The gist of the article appears to be that we can effect organizational improvement in a large company by driving change from the level of individual software development teams.

He spends the rest of his article elaborating on this point, and particularly making the point that most software is built in IT (rather than product) organizations, where software teams have little ability to drive change.

It's a well-made argument, and I agree with it. Organizational change does require top-down support, and software teams in IT do have little ability to drive bottom-up change.

Just one problem: I don't see why Dave presents this as a criticism. Our article isn't about using software teams to drive organizational change.

Our essay describes how teams progress through stages of Agile fluency. It's based on what we've seen in 13 years of applying Agile and observing others' Agile efforts. We've developed the fluency model over the last year and a half. Along the way, we've reviewed it with dozens of people in all sorts of roles--team members, managers, executives, and consultants. The feedback has been clear: the model reflects their experiences. I doubt it's perfect, but the fluency model reflects reality to the best of our ability.

This model isn't about how organizations grow. It's about how teams grow. (There's probably room for an article about organizational Agile fluency, but that's for another time.) And this is what we see:

1. Teams learning Agile first get good at focusing on the business perspective. User stories and the like. (That's not to say that every team using user stories is successfully focusing on the business perspective!) This requires some cultural changes at the team level.

2. If the team has been working on improving their development skills, they get good at this next. It takes longer than the first stage because there's a lot to learn. I'm talking TDD, refactoring, and so forth. Some teams don't bother.

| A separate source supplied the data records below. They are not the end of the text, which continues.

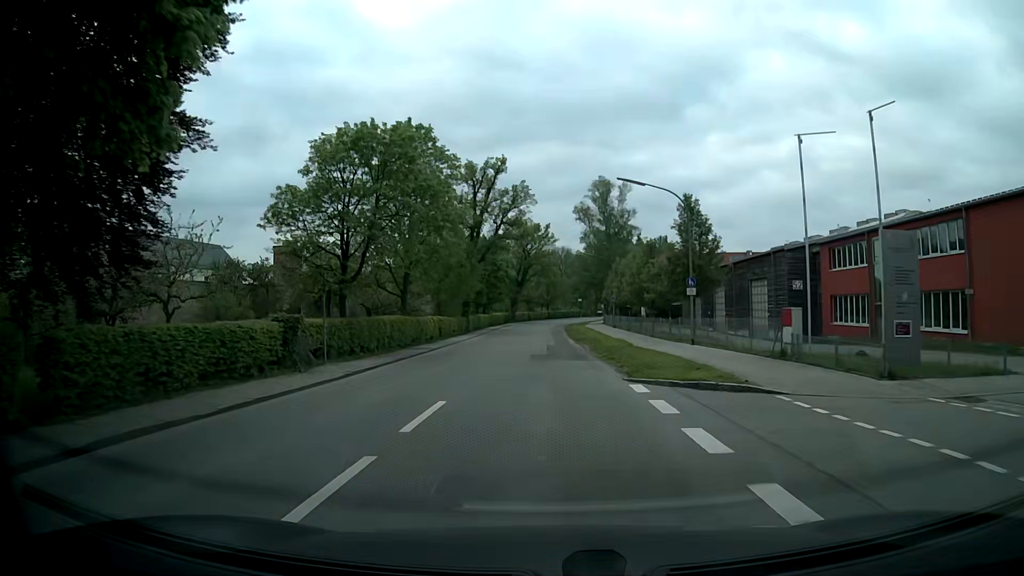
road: secondary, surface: asphalt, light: Day
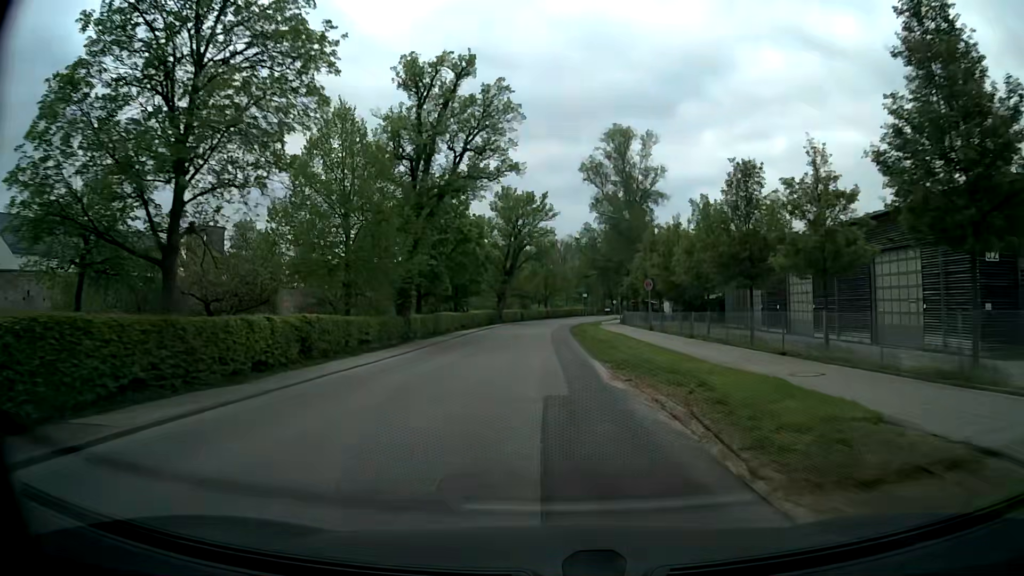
(+0.1, +24.4) m; 0°
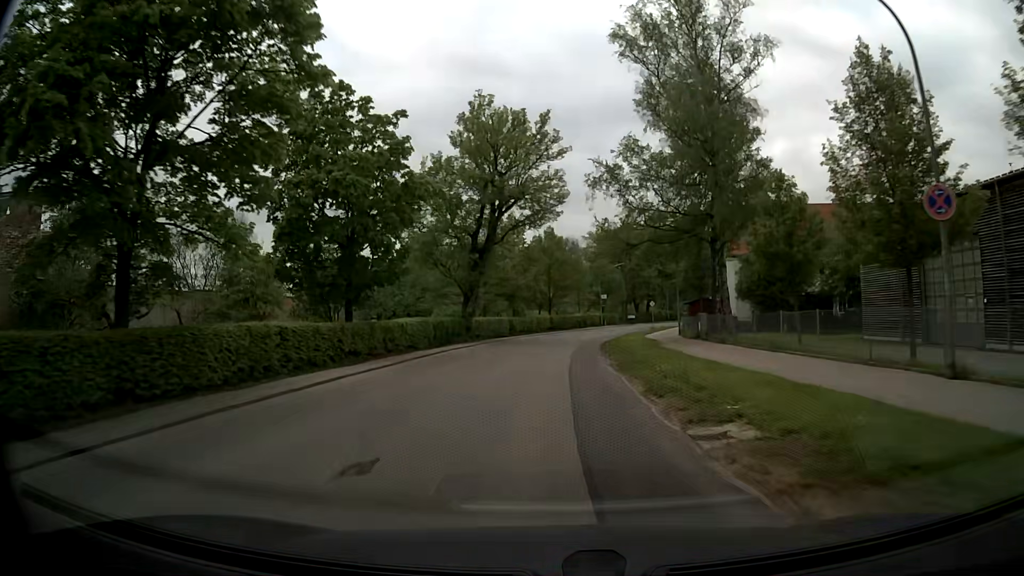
(-0.1, +32.3) m; -1°
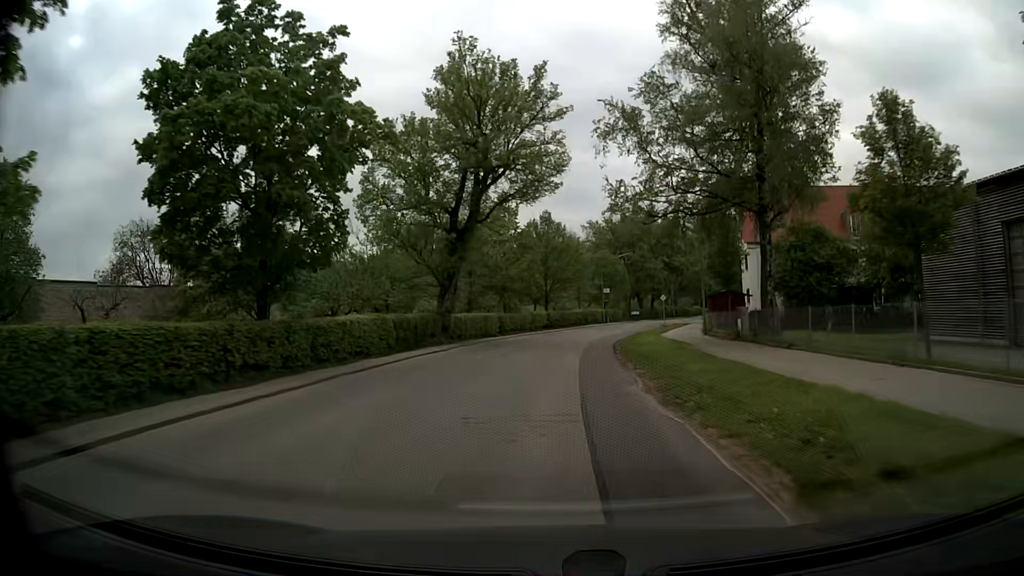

3. Typically, by this point, the team has been feeling the pain of poor business involvement for a while. Sometimes, in organizations that support it, the team gets good at the business side of things next. It takes longer than the previous stage because "getting good at it" means involving people outside the team. Most organizations are set up with "business" and "software" in different parts of the org chart, and this "third star" of fluency typically (but not always) requires them to be merged into cross-functional teams.

We don't say how to make this happen, just that it's a prerequisite for three-star fluency, and that these sorts of changes to organizational structure are difficult and require spending organizational capital. It can be top-down or bottom-up. (Really, it has to be both.) We also say that it may not be worth making this investment. Two-star fluency could be enough.

4. Finally, in a few companies, the team's focus extends beyond its product/projects to helping to optimize the overall system. This requires an organizational culture that likes its teams to advise on whole-company issues. Again, we don't say how to achieve this, just that it's a prerequisite for four-star fluency, and that we've only seen it happen in small companies, and typically companies that have this as an organizational value from the beginning. We again emphasize that more stars aren't necessarily worth the investment.

So, to recap: Dave argues that the individual software teams in IT cannot drive bottom-up organizational change. I agree. Organizational change must occur if you want to achieve three- or four-star fluency, but our article doesn't describe how to do so. It just says it's necessary.